Under “Export,” you can save your tree in a PDF file and study it (you should also submit it, with the
filename StudentTree.pdf). Make sure the branch labels are visible in your exported file.
Problem Set 5 7
g) You notice that a subset of these viruses are so close to one another in the tree that it’s a bit hard to
visualize their relationships. You find yourself curious about these viruses and wonder if you recognize any
of them. Using the unaligned sequences in students.fasta, run each of the 7 sequences through protein
BLAST to identify the closest hit. (To stay within BLAST’s memory limit for individual jobs, it’s best
to submit one student at a time.) For each student, provide the BLAST accession number for the closest
match, along with the virus name and the common name (sort first by max score then if necessary, by
percent identity). Provide your results in your README in a human-readable table like the one below.

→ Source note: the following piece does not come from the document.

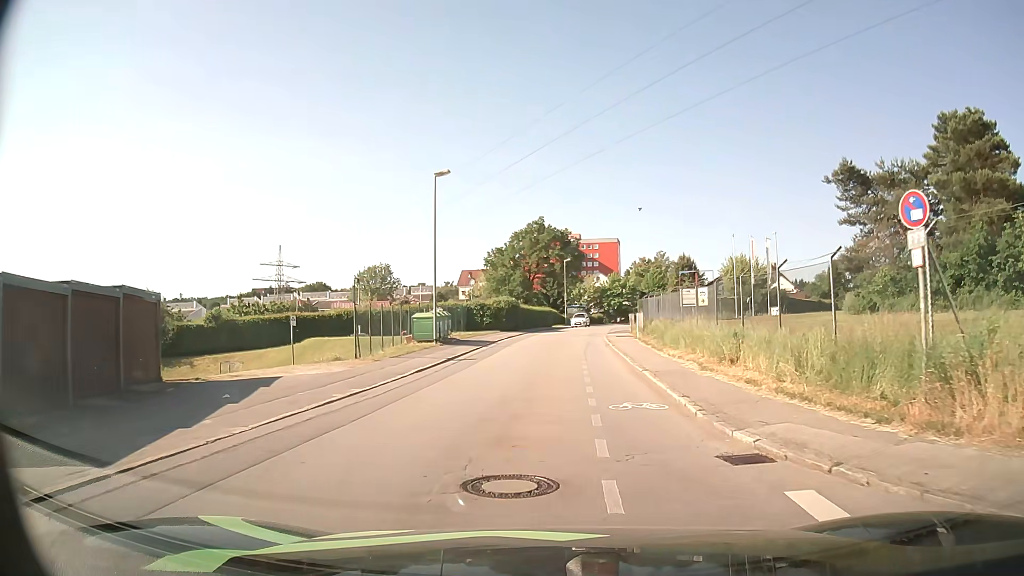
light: Day
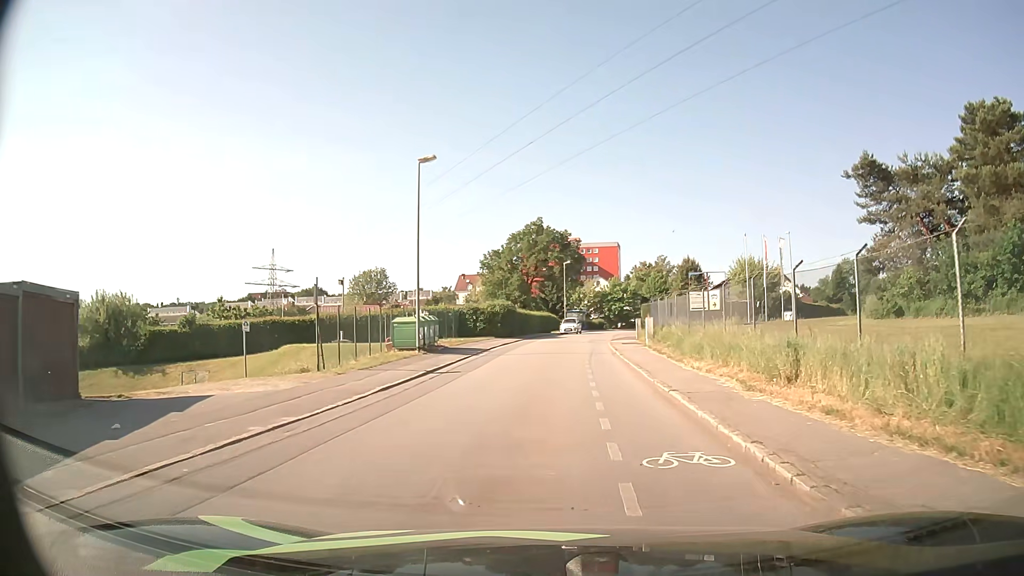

Student Accession Virus name Common name of virus
Reflect
h) Given your results from BLAST, what can you say about the likely illness for each student? How does
that correspond to what you see in the tree?
Apply
i) Fill in code as prompted in the function summarize alignment(), and use its output to report the
differences between the two SARS-CoV-2 genome sequences that are most similar, the two SARS-CoV-2
genome sequences that are most different, and the two genome sequences that are most different overall
(you can use your distance matrix to establish these three pairs of sequences). How would you interpret the
similarities and the differences in these three pairs of genome sequences?

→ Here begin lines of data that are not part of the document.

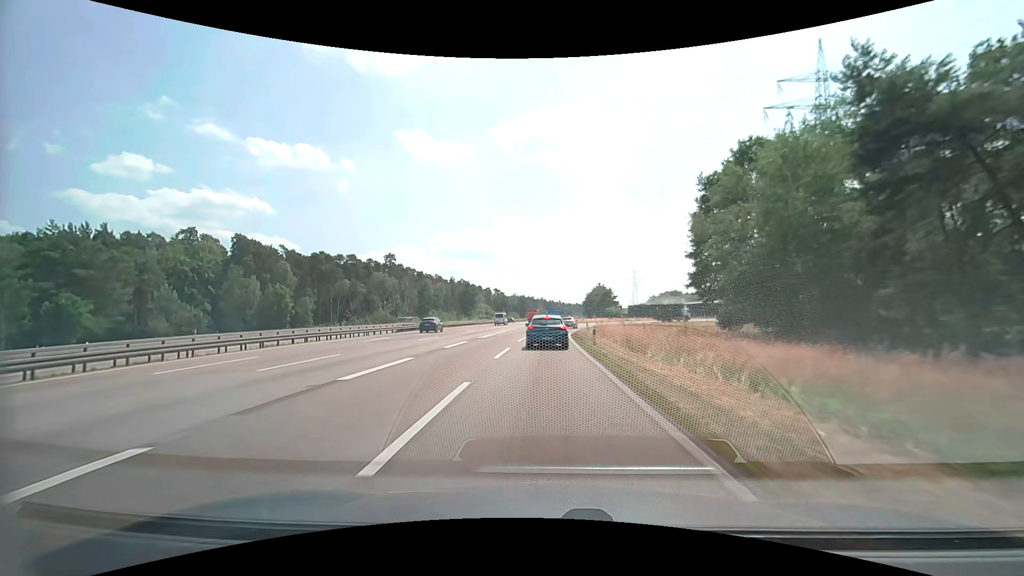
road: motorway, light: Day
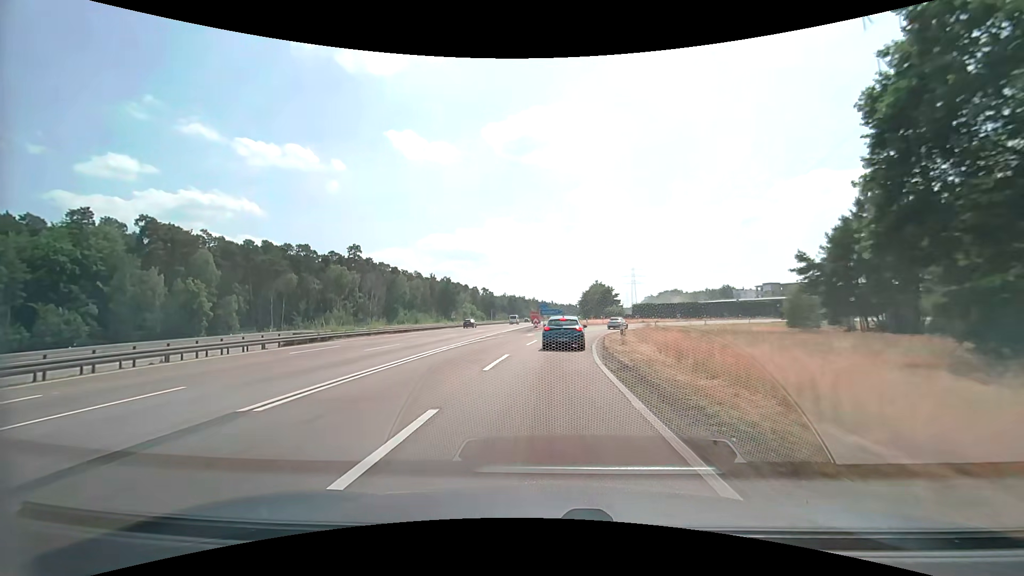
(+0.2, +27.0) m; +1°
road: motorway_link
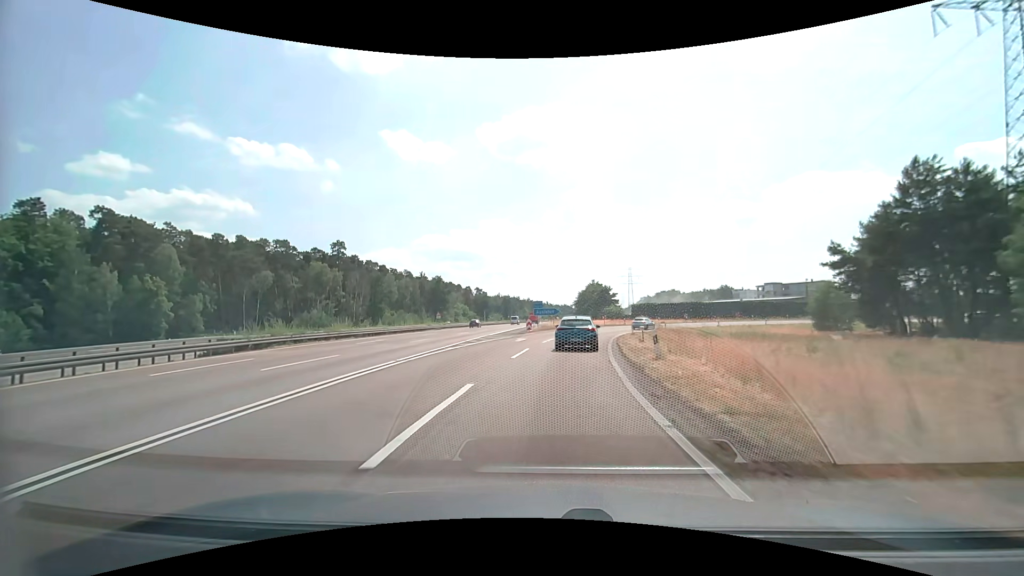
(0.0, +8.4) m; +1°
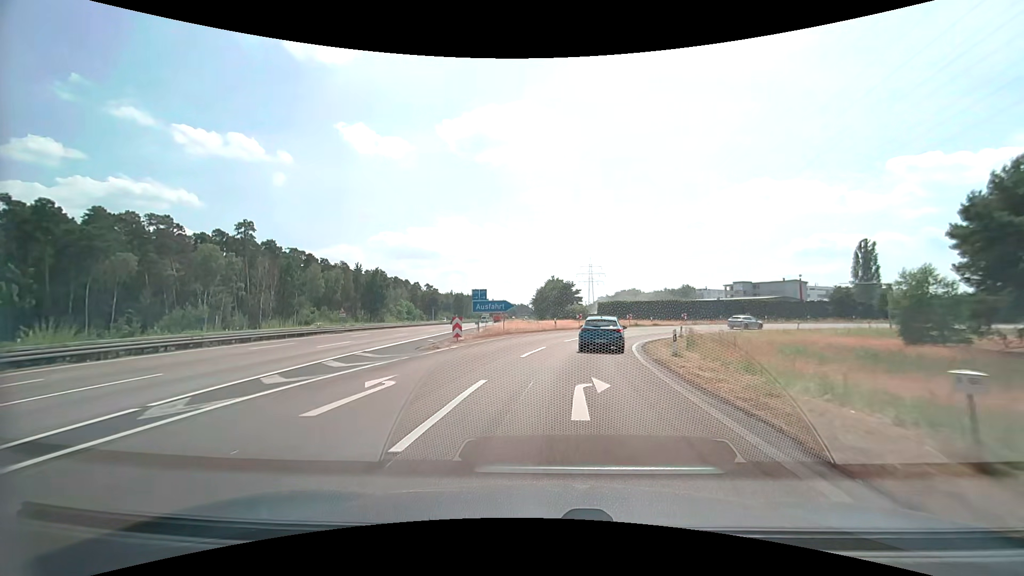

j) What do these results imply about the spread of SARS-CoV-2 between students?
⋆ Step 4: A Spiky Subject
k) Inspecting the cluster of SARS-CoV-2 sequences on your tree, you wonder if the scope of these genetic
changes might potentially include those of widely reported variant strains of the COVID-19 coronavirus.

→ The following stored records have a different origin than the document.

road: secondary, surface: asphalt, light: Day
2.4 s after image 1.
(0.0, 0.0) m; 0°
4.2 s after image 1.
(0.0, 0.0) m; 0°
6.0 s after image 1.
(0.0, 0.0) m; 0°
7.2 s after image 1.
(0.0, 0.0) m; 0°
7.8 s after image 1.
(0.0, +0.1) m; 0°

These strains have evolved mutations that increase transmission, worsen symptoms, or reduce the efficacy of
some vaccines. Many of their mutations occur within the gene that encodes the “spike protein”, the surface
glycoprotein that allows the virus to enter human cells.
Suddenly, you have the urge to compare these SARS-Cov-2 variant spike proteins to each other to see if
you can figure out which variant corresponds to which spike protein. With some insider information, you
happen to know that Student 1 has an “original” version of SARS-CoV-2 spike protein. Thus for two pairs
of COVID-affected students, (Student 1, Student 3) and (Student 1, Student 7) perform a global alignment
of the two protein sequences, using either:
• Your very own affine global aligner from Problem Set 4, with g = 1, h = 11, and the BLOSUM62
amino acid substitution matrix, or
• NCBI’s implementation of Needleman-Wunsch global alignment between two protein sequences (be
sure to set the parameters the same way)
In your README, compare the results of your alignments to this map1 of the different lineage of variants.
Based on mutations described in the NYT article, can you identify which SARS-CoV-2 variants Student 3
and Student 7 had? Specify which variant each of these two students had and what mutations lead you to
these conclusions in your README.
1
If you have trouble accessing the New York Times link, we included a file called nyt article.pdf for you in the zipfile.